En el desayunadero nos encontramos con un exalumno de la Nacional contratado por una oenegé que apoya a la Comisión de la Verdad. Debía acopiar testimonios de víctimas del conflicto, pero su grabadora más bien registraba silencios, estrategia para sobrevivir en medio de un terror que también explica la gran cantidad de indígenas desplazados desde los cursos superiores de los afluentes. Algunas de las jóvenes Embera iban vestidas a la moda; otras torsidesnudas, como la que llevaba a un bebé amarrado a la cintura y otros dos, cogidos de su mano, de cabellos desteñidos, evidencia del kwashiorkor. Desnutrición y guerra han ido de la mano, y ojalá esa tragedia no resquebraje las relaciones de compadrazgo sobre las cuales ambos pueblos han edificado su convivencia pacífica.

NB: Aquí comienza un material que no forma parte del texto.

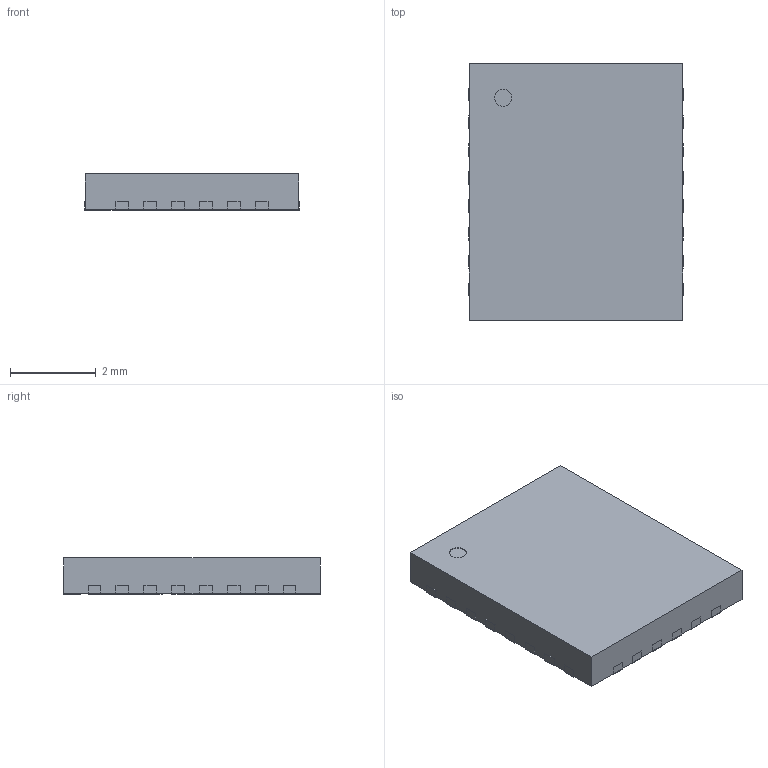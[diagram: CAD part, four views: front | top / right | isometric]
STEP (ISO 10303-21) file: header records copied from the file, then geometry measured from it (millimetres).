
FILE_DESCRIPTION (( 'STEP AP214' ), '1' );
FILE_NAME ('User Library-MIC26901.STEP', '2020-03-03T02:15:05', ( '' ), ( '' ), 'SwSTEP 2.0', 'SolidWorks 2019', '' );
FILE_SCHEMA (( 'AUTOMOTIVE_DESIGN' ));
Length unit declared in the file: millimetre
Products named in the file (10): Extruded005; Extruded004; Extruded008; Extruded012; Extruded006; User Library-MIC26901; Extruded017; Extruded; Cut; Extruded009
Assembly tree (18 placements, depth 2):
  User Library-MIC26901
    Extruded
    Extruded012  x6
    Extruded008  x5
    Extruded004
    Extruded005
    Extruded006
    Extruded009
    Extruded017
    Cut
Bounding box: 5 x 6 x 0.85 mm (x, y, z)
Surface area: 130.7 mm2
Topology: 18 solids, 18 shells, 184 faces, 441 edges, 294 vertices
Faces by surface type: plane 182, cylinder 2
Entity records: 5781 total; most frequent: CARTESIAN_POINT 706, ORIENTED_EDGE 666, DIRECTION 639, EDGE_CURVE 333, LINE 329, VECTOR 329, VERTEX_POINT 222, UNCERTAINTY_MEASURE_WITH_UNIT 158
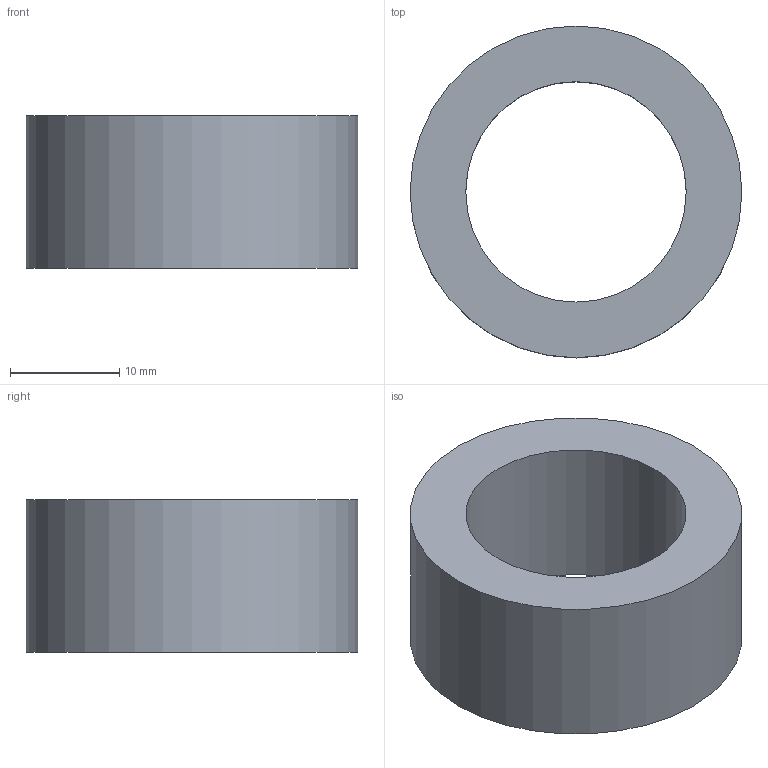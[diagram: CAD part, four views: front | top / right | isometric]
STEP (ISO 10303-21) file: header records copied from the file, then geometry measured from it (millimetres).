
FILE_DESCRIPTION(/* description */ ('Red-Dichteinsatz für Euro-Top'),/* implementation_level */ '2;1');
FILE_NAME(/* name */ '00180429-RST.stp',/* time_stamp */ '2020-08-19T08:35:02+02:00',/* author */ ('sl'),/* organization */ (''),/* preprocessor_version */ 'ST-DEVELOPER v16.5',/* originating_system */ 'Autodesk Inventor 2017',/* authorisation */ '');
FILE_SCHEMA (('AUTOMOTIVE_DESIGN { 1 0 10303 214 3 1 1 }'));
Length unit declared in the file: millimetre
Products named in the file (1): 00180429
Bounding box: 30.4 x 30.4 x 14 mm (x, y, z)
Volume: 5675 mm3; surface area: 3036.2 mm2
Topology: 1 solids, 1 shells, 4 faces, 6 edges, 4 vertices
Faces by surface type: cylinder 2, plane 2
Full cylindrical faces by diameter (mm): 20.2 x1, 30.4 x1
Entity records: 118 total; most frequent: DIRECTION 18, CARTESIAN_POINT 13, AXIS2_PLACEMENT_3D 9, EDGE_LOOP 8, ORIENTED_EDGE 8, FACE_BOUND 4, FACE_OUTER_BOUND 4, CIRCLE 4
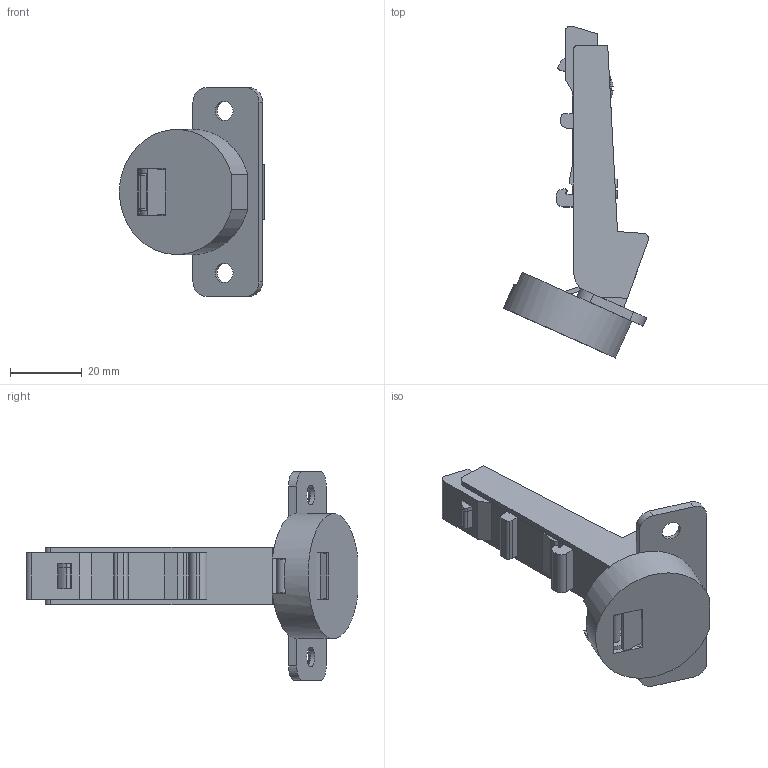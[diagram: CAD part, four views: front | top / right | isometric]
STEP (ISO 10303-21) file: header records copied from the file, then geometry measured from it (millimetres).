
FILE_DESCRIPTION((''),'2;1');
FILE_NAME('248-0V18-MVL','2022-11-25T09:44:24',('marino.prodan'),('Audax d.o.o.'),'CREO PARAMETRIC BY PTC INC, 2021304','CREO PARAMETRIC BY PTC INC, 2021304','');
FILE_SCHEMA(('AUTOMOTIVE_DESIGN { 1 0 10303 214 1 1 1 1 }'));
Length unit declared in the file: millimetre
Products named in the file (1): 248-0V18-MVL
Bounding box: 40.38 x 92.33 x 58 mm (x, y, z)
Volume: 24393.3 mm3; surface area: 12551.1 mm2
Topology: 1 solids, 1 shells, 227 faces, 674 edges, 452 vertices
Faces by surface type: plane 148, cylinder 57, cone 18, torus 2, sphere 2
Entity records: 10215 total; most frequent: CARTESIAN_POINT 1627, ORIENTED_EDGE 1340, DIRECTION 1268, PRESENTATION_STYLE_ASSIGNMENT 671, STYLED_ITEM 671, CURVE_STYLE 670, EDGE_CURVE 670, VERTEX_POINT 452

En términos de esa coexistencia, fue relevante conocer el proyecto que una de las maestras intenta desarrollar alrededor del plátano. Los indígenas sobresalen en su cultivo y la gente negra en una comercialización a la cual le dio un respiro el hoy maltrecho proceso de paz.
Esa repartición de labores consiste en un diálogo intercultural que ojalá documenten las alumnas y alumnos a quienes la profesora entrenará para que les hagan buenas entrevistas a las personas mayoritarias, conocedoras de las prácticas de agricultura y culinaria acorraladas por las armas. ¿Podrán valerse de sus teléfonos celulares? Ese viaje nos enseñó que filmar o fotografiar pueden ser actividades de alto riesgo. Quizás también lo sea hacer grabaciones sobre daños culturales por el conflicto.
Otra maestra propone explorar cómo reciclar basuras, algo que urge, considerando que casi todos los líquidos potables llegan en botellas de pet, mucha gente arroja los tapabocas a la calle y abunda el abandono de placas de yeso-cemento con sus perfiles de aluminio, materiales de construcción que desplazan a los tradicionales de madera y cuyo uso es absurdo, considerando cómo el clima húmedo y caliente de la región los desintegra, más no descompone. Resultan tanto de las nuevas riquezas que llegan con la exportación de cocaína, como del asentamiento de sus promotores foráneos, ignorantes de las lógicas de las selvas tropicales. La profesora ya tiene una bodega llena de desechos, pero no la tecnología para transformarlos.
Un poco antes de terminar nuestros talleres, nos mostraron fotografías de los vestidos hechos de hojas de plátano con los cuales desfilaron niñas del colegio el año pasado en el respectivo reinado. También, ilustraciones de empaques y otros usos de una mata que, según esos docentes, produce el mejor plátano del mundo. Pese a lo hiperbólica que sea esa narración, las de su tipo son fundamentales para crear sentidos de solidaridad y pertenencia social, quizás las mayores necesidades en esta coyuntura aterradora que puede llevar a la desesperanza.
* Profesor del Programa de Antropología, Universidad Externado de Colombia.